Search engines clearly predate web 2.0; for a history of search engines from 1994-2010, see PPC Blog’s History of Search infographic. However, search tools have been moving steadily in a web 2.0 direction as they have become more user-centred, interactive and multimodal. They have also been moving in a web 3.0 direction with the arrival of personalised search. Search is of course available on mobile devices, with major search engines downloadable as apps.
Search engines are essential to help users find materials in the vast ocean of online content. Search on both desktop/laptop computers and mobile devices is dominated by Google, with other major search engines including Yahoo!, Microsoft’s Bing, and Baidu (百度) However, there are also specialised search services which are worth knowing about, as these may sometimes return more appropriate results than the major search engines. In general, more customisation of search has become possible, giving users more control over search parameters as well as, in some cases, search interfaces and results display formats. Much more automated personalisation of search is now also becoming evident, as the major search engines in particular work towards ensuring that personally relevant, time-sensitive, context-sensitive information is provided to users; but serious concerns have been raised over search engines determining what is relevant and useful to individuals based on their tracking of those individuals’ browsing habits and online associations.
While there is no doubt that students need to search for information online for a variety of purposes, it has become evident that many students lack the requisite digital literacy skills in this area. This has resulted in programmes at all levels of the education system to help students acquire various sets of literacy skills:
- the search literacy to conduct effective keyword searches for the content needed
- the information literacy and critical literacy to evaluate information and differentiate reliable from unreliable content, especially in the context of the proliferation of misinformation, disinformation and fake news across the internet in recent years
- the tagging literacy to keep track of, categorise and organise the content found online
Key innovations in search customisation and personalisation are outlined below, along with examples.
Customisation of search content > Most major search engines offer their own customisation tools (see for example Google Advanced Search), which has led to the disappearance of many specific search services over recent years. However, there are still a number that remain active and allow very focused searches, as seen below.
|CC Search||Creative Commons content|
|Dogpile||metasearch (compiles results from other search engines)|
|Google Scholar||academic content|
|Openverse||openly licensed content (incl. Creative Commons content)|
|Trove||Australian historical content|
|WolframAlpha||maths & science content|
For more options, see Wikipedia’s List of Search Engines. To create your own fully customised web search, try Google Custom Search. To compare global search trends for different terms, check out Google Trends.
Customisation of search presentation > It is possible to choose among different presentation formats of search interfaces or search results, some of which are very different from traditional search boxes or linear lists of results, as seen in the examples below.
|Human Body Systems||visual search interface for the human body|
|Liveplasma||mind map of film & music preferences|
|Tag Galaxy||solar system map of Flickr search results|
|Your Brain Map||visual search interface for the human brain|
For more options, see Wikipedia’s List of Visual Search Engines.

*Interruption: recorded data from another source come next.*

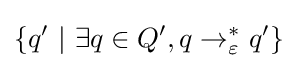
\{q'~|~\exists q\in Q',q\to _{\varepsilon }^{*}q'\}
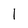
Character: 1
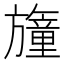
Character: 𣄢
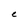
Character: C
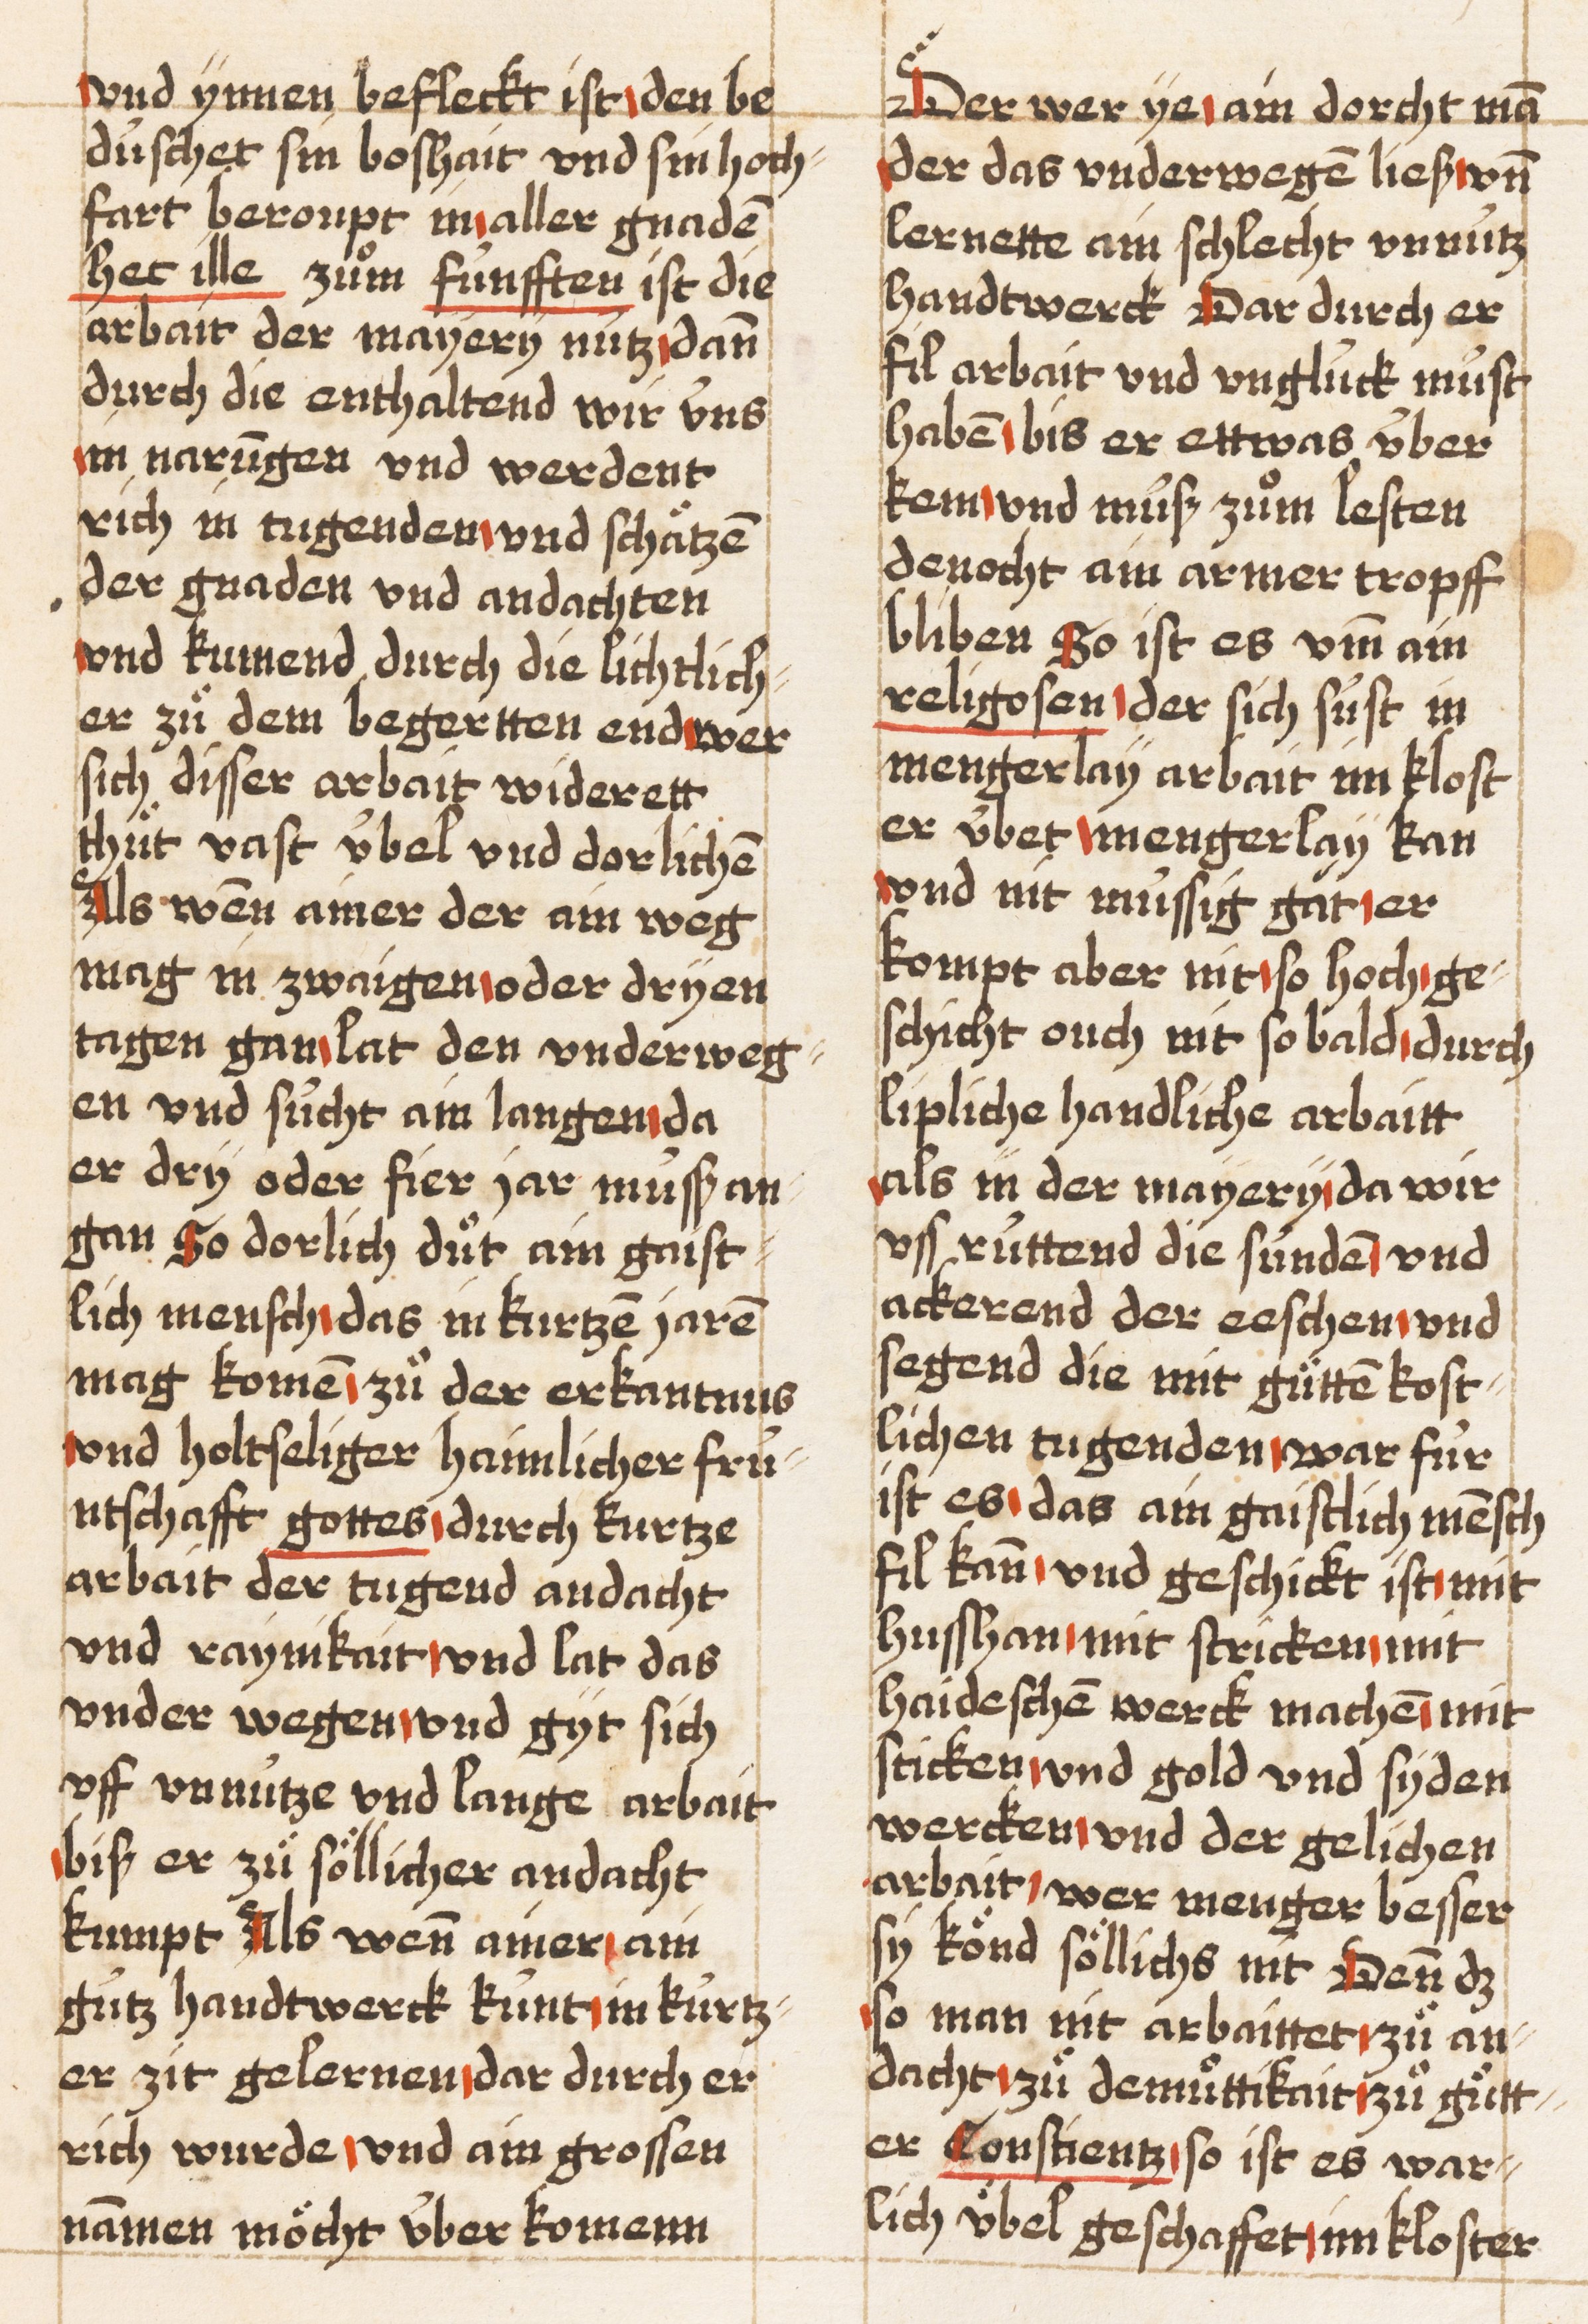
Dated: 1521–1522

Customisation of search context > This is also referred to as personalisation of search. It is increasingly the case that the search context is defined in relation to the individual doing the searching, and the other people to whom that individual is connected. Search results are thus determined by algorithms which tailor the results to individuals on the basis of information tracked or inferred about them as a result of past searches, online connections, and online activities. The result is that two individuals searching for exactly the same topic using exactly the same search terms in a service like Google may find that they receive very different results. Indeed, the ultimate aim of personalised search is seemingly to obviate the need for searching at all, with search engines becoming more like prediction engines which anticipate users’ needs.
A similar approach is used to determine what news items a Facebook user sees in their newsfeed. Of course, once information is filtered through users’ social networks on Facebook, Twitter and other similar services, it flows automatically to them through their newsfeeds – which partly eliminates the need for searching, because relevant information is already immediately available. Such social media platforms are in some ways a threat to the dominance of search engines in accessing online content.
The key issue for educators is that when search engines or social media services tailor news and results to individual users, the range of information received becomes ever narrower. To the extent that education is about broadening rather than narrowing students’ horizons, this is a concern. For a statement about the dangers of ‘filter bubbles’, see Eli Pariser’s TED Talk Beware Online ‘Filter Bubbles’, which dates from 2011 but has become even more relevant in the intervening years.